How does a search engine decide which duplicate to show in search results? Following up in my series of articles about duplicate content, it seems fitting that we would next discuss how search engines determine which article to show when they have dozens or even hundreds of duplicates to chose from. Lets start with a question we have all thought about at one point or another. A question that our past two days articles have been leading up to. “How does a search engine decide which duplicate to show in search results, and which ones not to show?†How do they choose? Pagerank? First one published? Shortest url? Article with the most links? It doesn’t seem to be any one signal. It’s not pagerank alone, or distance from root directory. It’s probably not the first one published, because many sites are dynamic, and the time stamp on the original may be later than on the copy, and the first copy spidered might be the one the search engines think is the oldest. It doesn’t appear to be perceived authority. It could have something to do with the number and quality of inbound and outbound links from a page. It could be a mix of all of those things and others. So what is it then? Lets dive into some research papers and find out! . . . .

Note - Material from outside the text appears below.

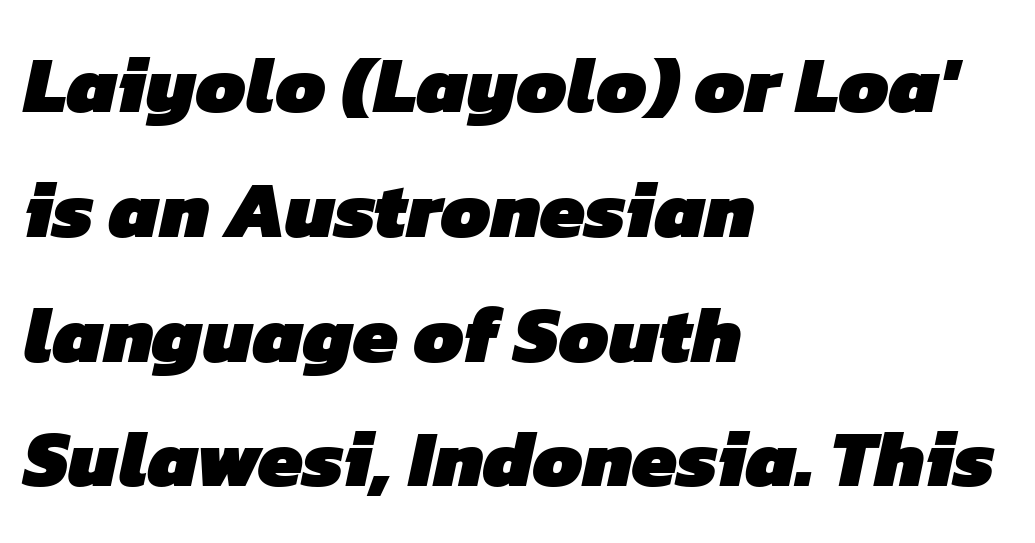
Do the characters align in a grid? No, the font is proportional. Baseline-to-baseline distance is the conventional proportion of letter height. This sample uses plain, unmodified letter spacing. Letters rest on an invisible, unmarked baseline.
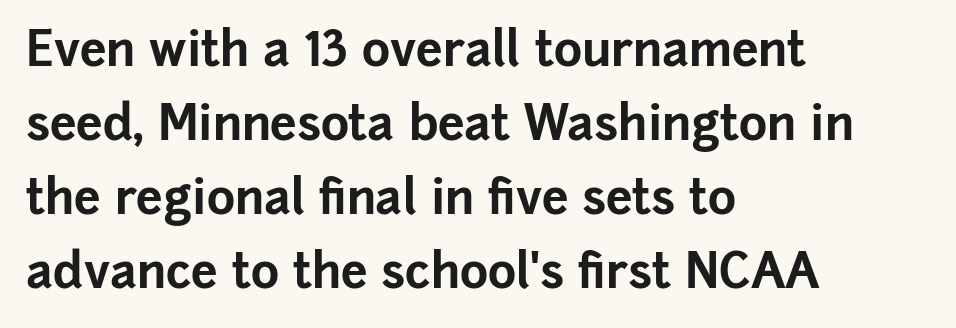
A clean baseline with only descenders dipping below it. Notice how descenders clear the ascenders below comfortably — that's standard leading. Typesetter's note: full bold, strokes at maximum text heaviness. Alignment: flush left.

Page rank seems to be the first and most important factor. But you're right with your suggestions. There are some more issues token in consideration.
I doubt very much search engines would use the timestamps provided on a website as these are easily faked. Almost certainly a search engine would count the first copy it spiders as the original. Although its difficult for a spider to figure out the original if it finds 2 copies in a short time frame. Thus by my reckoning the only other (almost) reliable indicator that a spider can use is looking at which copy has the most links, as the original version is more likely to have gotten the majority of references.
I have some experience with that. Once I wrote an unique article in some unknown article directory and left it there for a while. It got cached in some weeks. When I searched for it in google I saw somebody else also published it - there were 2 results total . Then I copy-pasted it in an old blogspot. And you will probably guess - the blogspot toke the lead in just few weeks. So it is the trust involved for sure.
Hmm thats not too conclusive though. Remember, blogspot is owned by Google they might give their own pages bias. For instance Youtube videos often rank higher than they should and its been reported that Google Knol pages are also doing better than they should.
My view is that there's a lot of stuff that goes into this although I wouldn't use PR here I'd use site rep which actually is the real PR. Toolbar PR is just a ruse. In addition the normal stuff that would rank a site higher on a search anyway factors in pretty big. Ken King Cobra Poker
All search engines are striving to create good user experiences for people who search using their services. all of them want to avoid duplicate results filling up the early spots on search result pages.